The evening commenced with one of Mother Tongue’s regular hosts, Brigid Moran, sharing a short piece challenging the classic axiom, ‘boys will be boys’. Moran’s words, as a mother of a young son feeling an immense responsibility to raise a better generation of men, were a strong and thoughtful prelude that filled one with optimism for a kinder future but equally invited personal reflection as to what one’s own influence is in sculpting the next generation.

The first feature performer was Poetpre, whose five pieces were poignant and impassioned personal perspectives, covering themes such as loneliness, mental health, family dynamics, gender expectations and experiences of race growing up in Australia. Poetpre told the audience that her parents were there watching her perform for the first time, which added another layer of bravery to her already raw work. Each of Poetpre’s pieces evoked audible appreciation but her final piece, ‘Good Girl’ – which articulated the heartbreaking ramifications of teaching girls to not be ‘difficult’ or ‘make anyone uncomfortable’ – left all in a shocked quiet before erupting into applause.

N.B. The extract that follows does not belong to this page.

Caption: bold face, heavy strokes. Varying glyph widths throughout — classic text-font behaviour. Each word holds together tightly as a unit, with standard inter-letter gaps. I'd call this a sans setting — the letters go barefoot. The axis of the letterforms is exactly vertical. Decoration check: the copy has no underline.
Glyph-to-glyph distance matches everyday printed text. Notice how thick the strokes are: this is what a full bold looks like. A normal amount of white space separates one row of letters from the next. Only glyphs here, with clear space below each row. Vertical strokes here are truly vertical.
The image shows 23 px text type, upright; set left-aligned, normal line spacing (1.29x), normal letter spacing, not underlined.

Following Poetpre, poet and cabaret performer Amy Bodossian at first seemed to shift away from a more sombre mood. Beginning with hilariously awkward – and sadly relatable – stories of heartache and sexual encounters, Bodossian gradually revealed more and more snippets of vulnerability and was able to perfectly capture the beautiful agony of being hopelessly hung-up on an old flame. Her final piece was a monologue detailing each flickering thought as she attends her first psychiatric appointment for her obsessive compulsive disorder, reaching a balance of humour, fragility and hopefulness.

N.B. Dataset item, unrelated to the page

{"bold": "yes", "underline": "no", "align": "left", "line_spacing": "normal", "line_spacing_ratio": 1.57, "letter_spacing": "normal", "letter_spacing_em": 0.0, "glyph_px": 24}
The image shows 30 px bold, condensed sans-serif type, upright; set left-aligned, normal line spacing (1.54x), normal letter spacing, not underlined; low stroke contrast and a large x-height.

Brazilian and Sydney-based poet, Dai Moret, came next. The mother of a four-year-old son, many of her pieces centred on the complexities of motherhood – a theme found even within her powerful final piece on the infamous Brazilian homicide of black councilwoman, Marielle Franco. Although Moret’s pieces were each distinctive, they felt connected in form and rhythm, tracing histories of her and her son’s bond, then of women’s oppression and finally 500 years of Brazilian’s broken class system which Franco would inherit when she was ‘born and raised in the trenches’. Although this was Moret’s first Mother Tongue event, her soulful ruminations on motherhood and the power of unified women encapsulated the series’ objective.

International poet Stephanie Dogfoot followed Moret, and her sharp-witted perspective on life and its little moments sparked laughter and revived energy in the room as we got later into the evening. Her effortlessly charming delivery brought the audience with her through her experiences growing up in the city, her adolescence in an all-girls college in Singapore, and later travelling and contemplating what type of parent she hopes to be. Her piece ‘Maybe all we wanted was somebody who cared’ perfectly captured all the complexities and awkwardness of growing up queer and coming to terms with what that means.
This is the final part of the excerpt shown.